» Work to be completed:
Lines of the listing that contain "points" need to be copied.

---

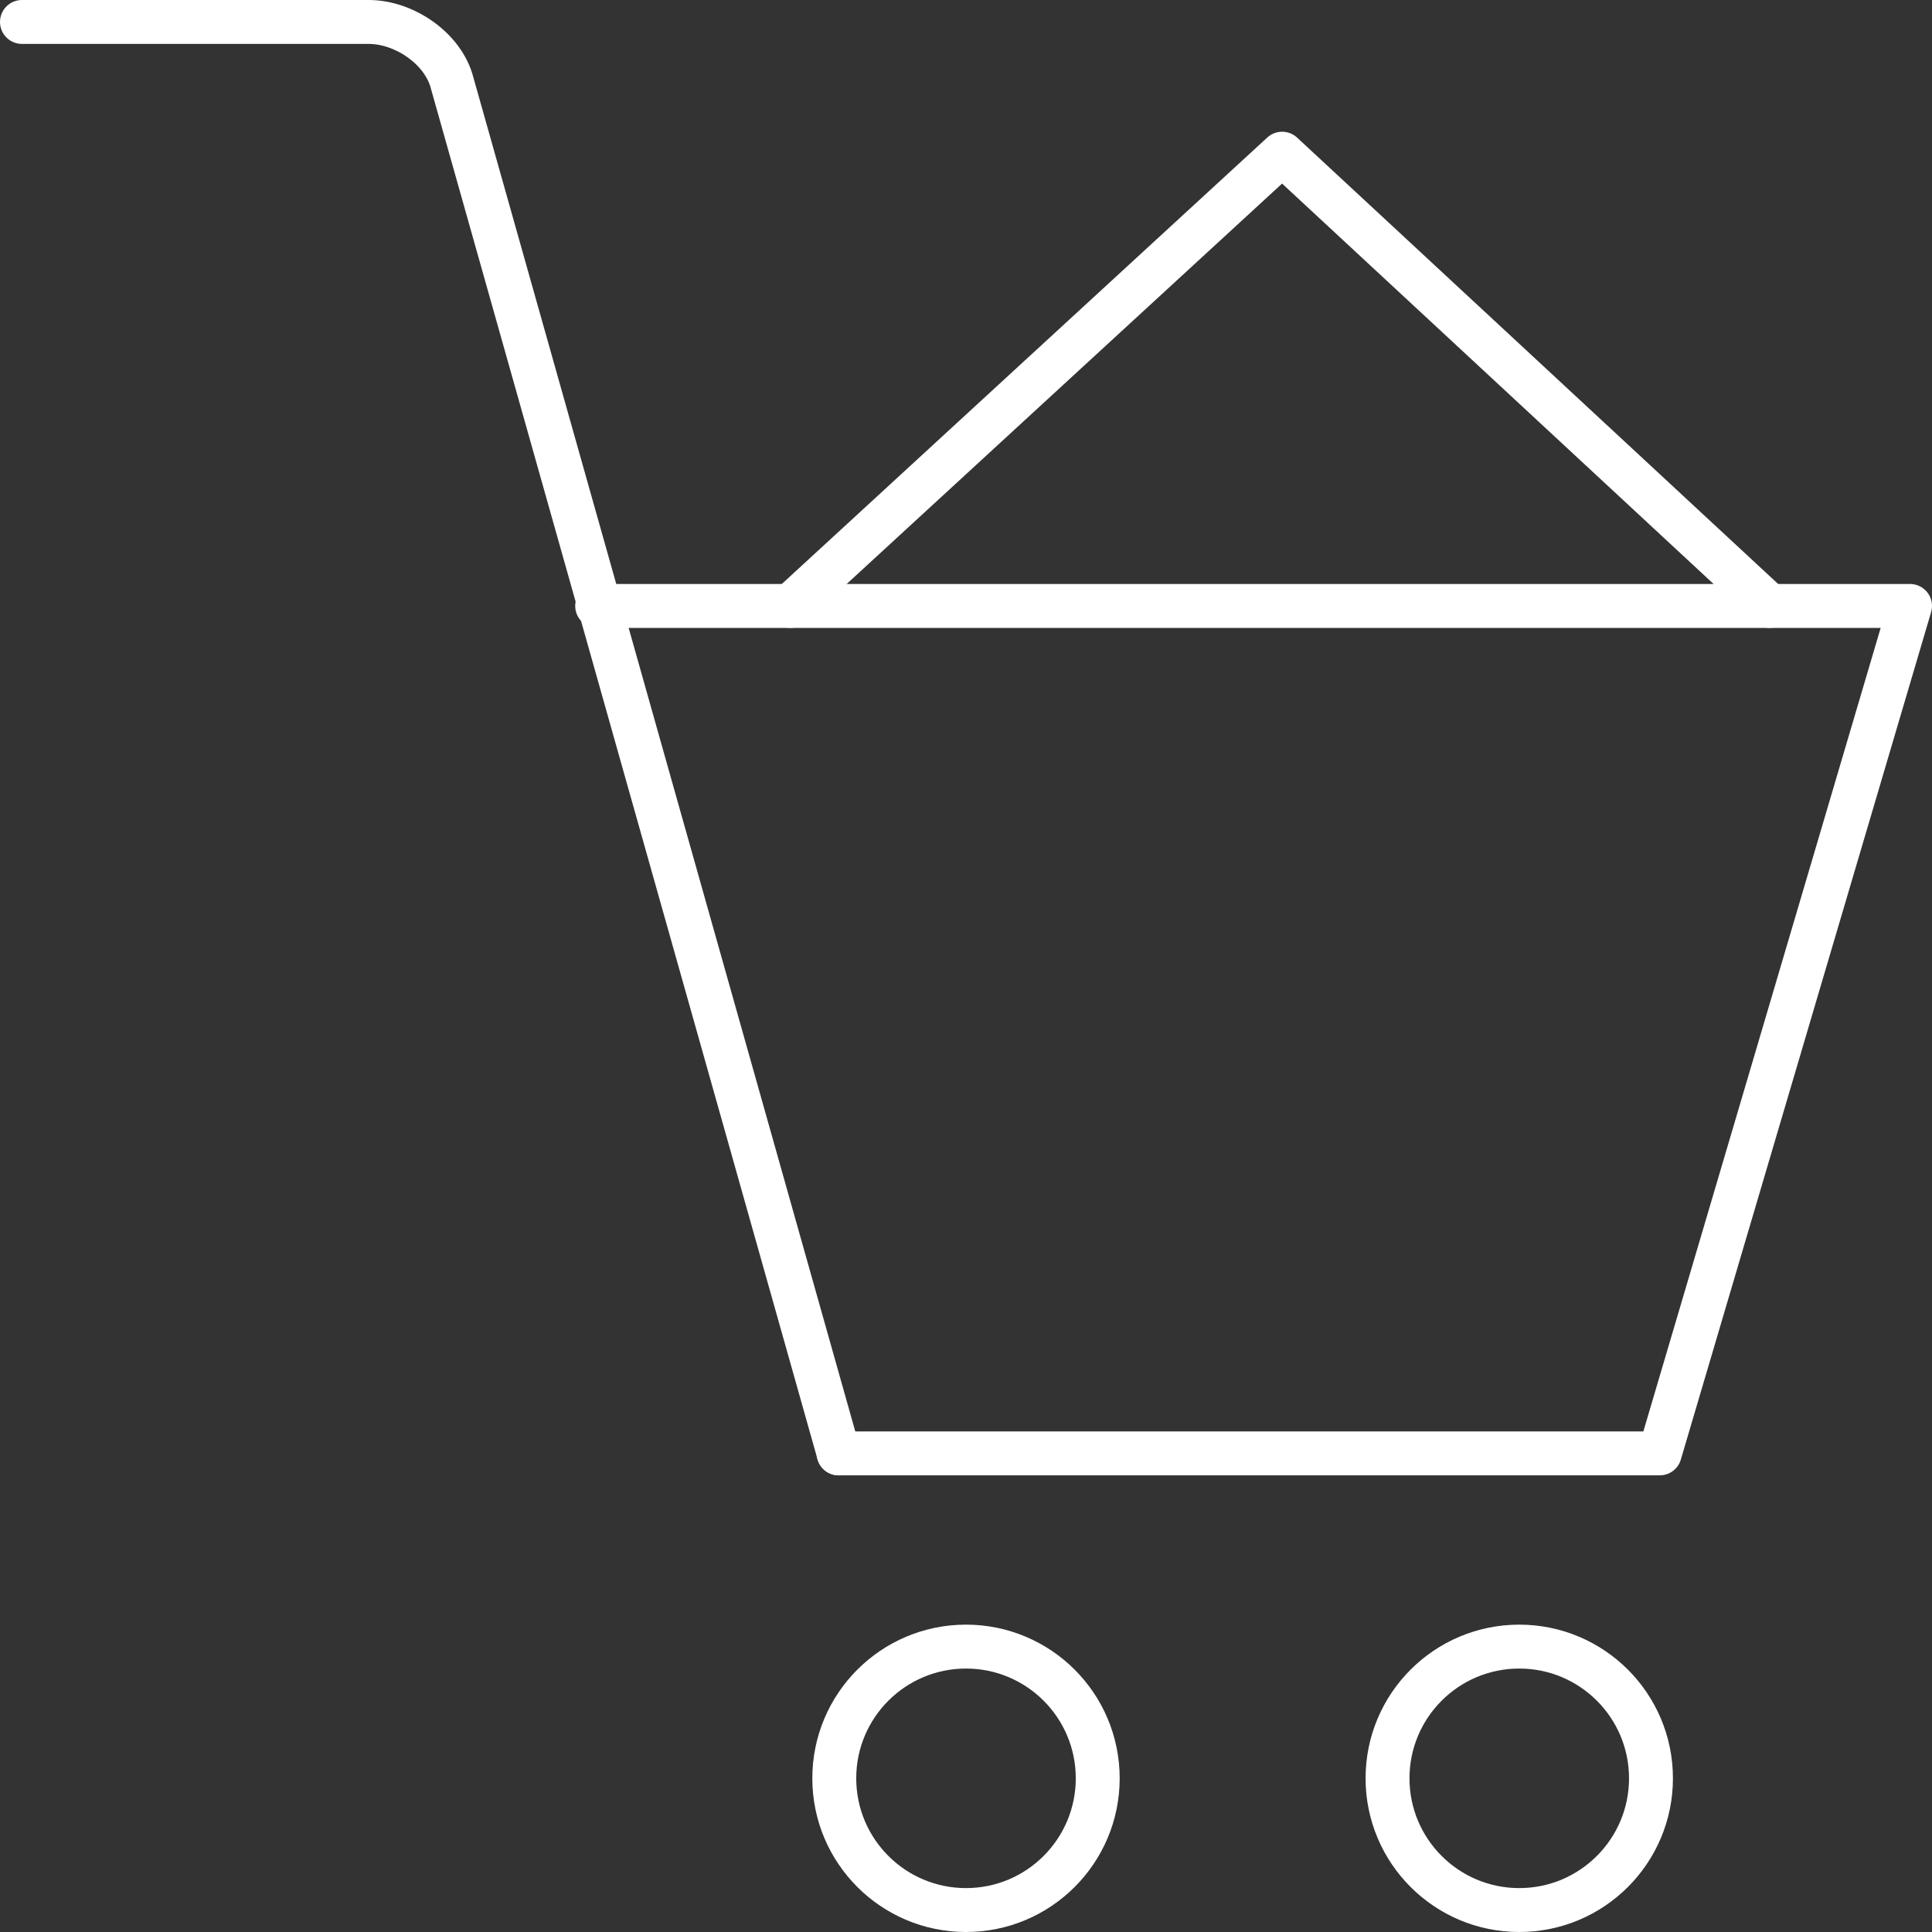 <?xml version="1.0" encoding="utf-8"?>
<!-- Generator: Adobe Illustrator 26.2.1, SVG Export Plug-In . SVG Version: 6.00 Build 0)  -->
<svg version="1.1" id="Layer_1" xmlns="http://www.w3.org/2000/svg" xmlns:xlink="http://www.w3.org/1999/xlink" x="0px" y="0px"
	 width="44px" height="44px" viewBox="0 0 44 44" style="enable-background:new 0 0 44 44;" xml:space="preserve">
<rect x="0" y="0" width="44" height="44" fill="#333333" stroke="none"/>
<style type="text/css">
	.st0{fill:none;stroke:#FFFFFF;stroke-linecap:round;stroke-linejoin:round;stroke-miterlimit:10;}
</style>
<g>
	<g>
		<polyline class="st0" points="13.6,13.8 43.5,13.8 37.8,33.1 19.1,33.1 		"/>
		<g>
			<circle class="st0" cx="22" cy="40.5" r="3"/>
		</g>
		<g>
			<circle class="st0" cx="34.6" cy="40.5" r="3"/>
		</g>
		<g>
			<path class="st0" d="M0.5,0.5h7.9c0.8,0,1.7,0.6,1.9,1.4l8.8,31.2"/>
		</g>
	</g>
	<g>
		<g>
			<g>
				<polyline class="st0" points="18,13.8 29.2,3.5 40.3,13.8 				"/>
			</g>
		</g>
	</g>
</g>
</svg>

---

» Exercise answer:
		<polyline class="st0" points="13.6,13.8 43.5,13.8 37.8,33.1 19.1,33.1 		"/>
				<polyline class="st0" points="18,13.8 29.2,3.5 40.3,13.8 				"/>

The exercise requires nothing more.